Background and aim: Combined hepatocholangiocarcinoma (CHCC) is an infrequent primary hepatic malignancy with no clearly defined diagnostic criteria, poorly studied natural history, and no guidelines regarding therapy. In this study we attempted to address this need and review our experience.

Methods and results: We performed a retrospective review of all CHCC cases at our institute over the last 10 yr. Eight cases were identified; histological and immunohistochemical criteria used for diagnosis were defined. Patients characteristics were: median age 65 yr (range 47-80); five females; risk factors-cholelithiasis (n = 4) and cirrhosis due to chronic viral hepatitis B and C (n = 1). Abdominal pain (n = 6), hepatomegaly (n = 4), and elevated CA 19-9 >40 U/mL (n = 4/5) were frequent. Early TNM stage (I and II) compared with advanced disease (III and IV) correlated with higher overall survival on univariate analyses [37 and 6 mo respectively (p = 0.011)]. Median overall survival was significantly higher in patients who underwent potentially curative resection (23 mo, range 4-48+) compared with patients who underwent non-surgical therapies such as transcatheter arterial chemoembolization and chemotherapy (2 mo, range 1-8) (p = 0.0357, one-sided exact log-rank test).

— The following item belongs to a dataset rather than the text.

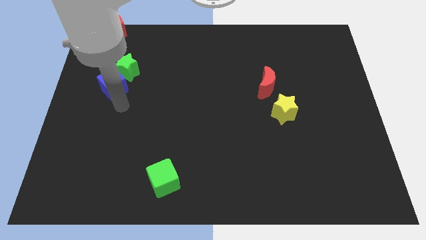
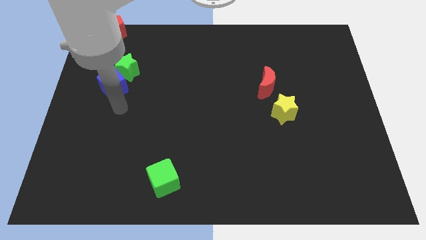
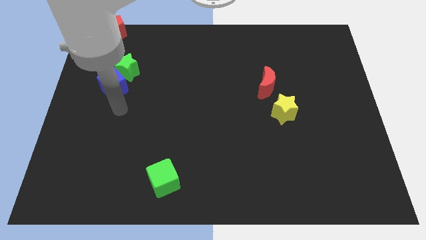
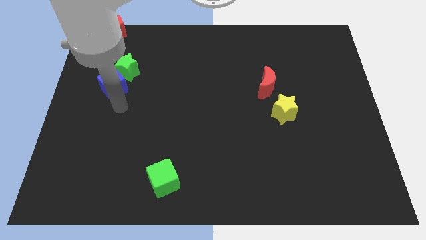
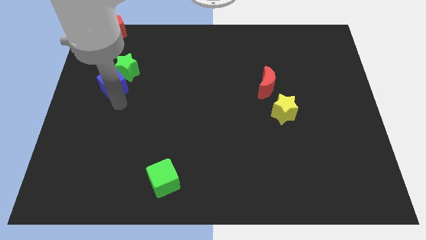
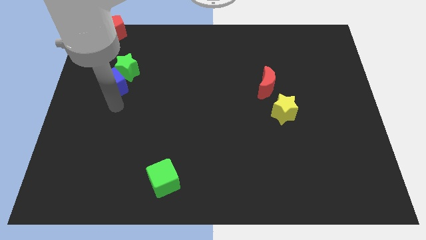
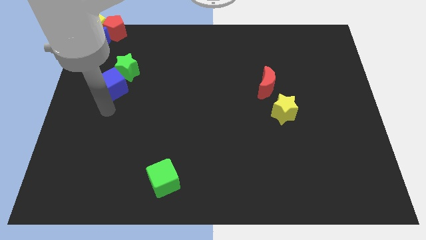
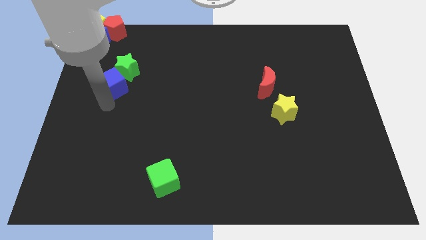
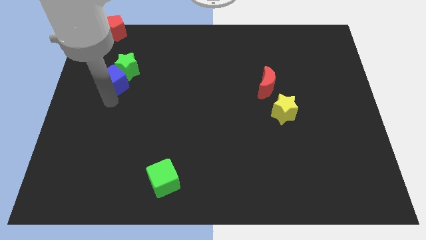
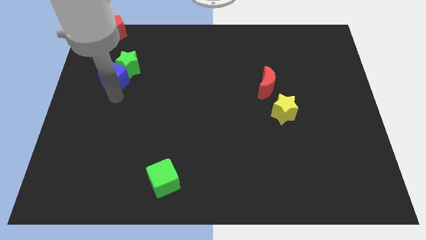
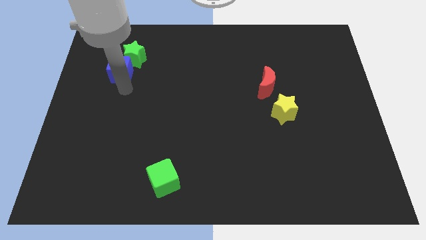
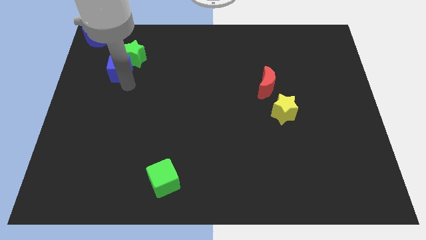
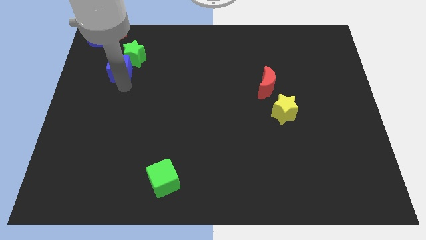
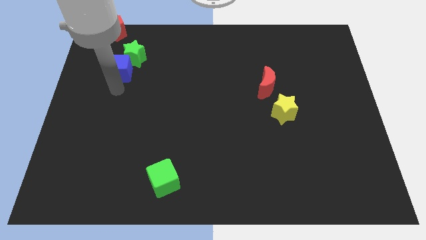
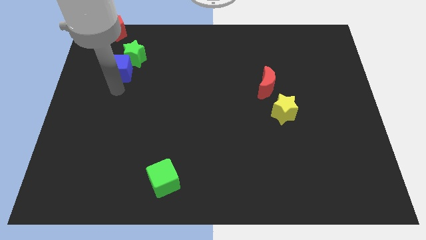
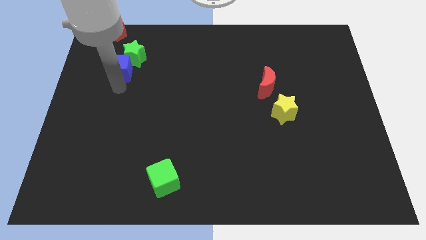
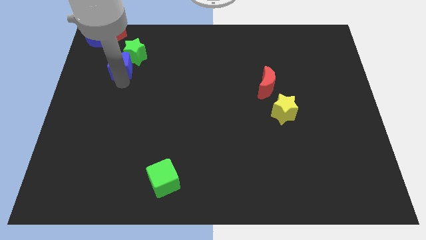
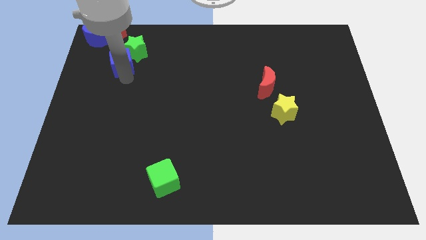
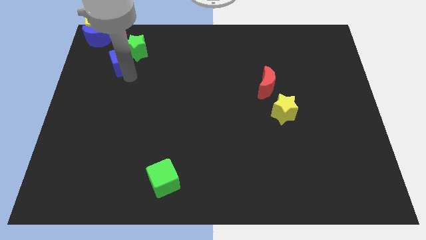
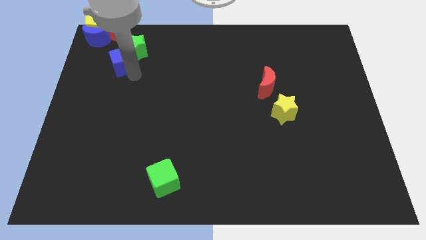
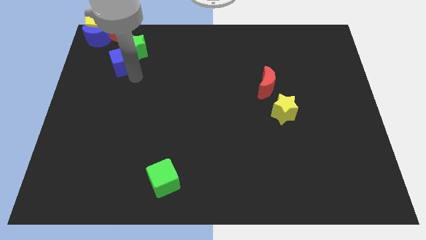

Conclusions: Chronic inflammation and cirrhosis may play a role in pathogenesis of CHCC. Surgical resection and early stage at diagnosis predict longer survival.

合并肝胆管癌:病例系列及文献回顾。
背景和目的:合并肝胆管癌(CHCC)是一种罕见的原发性肝脏恶性肿瘤,没有明确的诊断标准,对其自然病史的研究很少,也没有治疗指南。在本研究中,我们试图解决这一需求并回顾我们的经验。方法和结果:我们对我院过去10年的所有CHCC病例进行了回顾性分析。定义了用于诊断的组织学和免疫组织化学标准。患者特征为:中位年龄65岁(47-80岁);五个女性;危险因素-胆石症(n = 4)和慢性乙型肝炎和丙型肝炎肝硬化(n = 1)。腹痛(n = 6),肝肿大(n = 4), CA 19-9升高>40 U/mL (n = 4/5)是常见的。单变量分析显示,早期TNM阶段(I和II)与晚期疾病(III和IV)相比,总生存率更高[分别为37个月和6个月(p = 0.011)]。与接受非手术治疗(如经导管动脉化疗栓塞和化疗)的患者(2个月,范围1-8)相比,接受潜在治愈性切除的患者(23个月,范围4-48+)的中位总生存期显著高于接受非手术治疗的患者(p = 0.0357,单侧精确对数秩检验)。结论:慢性炎症和肝硬化可能在CHCC的发病机制中起重要作用。手术切除和早期诊断预示着更长的生存期。
本文章由计算机程序翻译,如有差异,请以英文原文为准。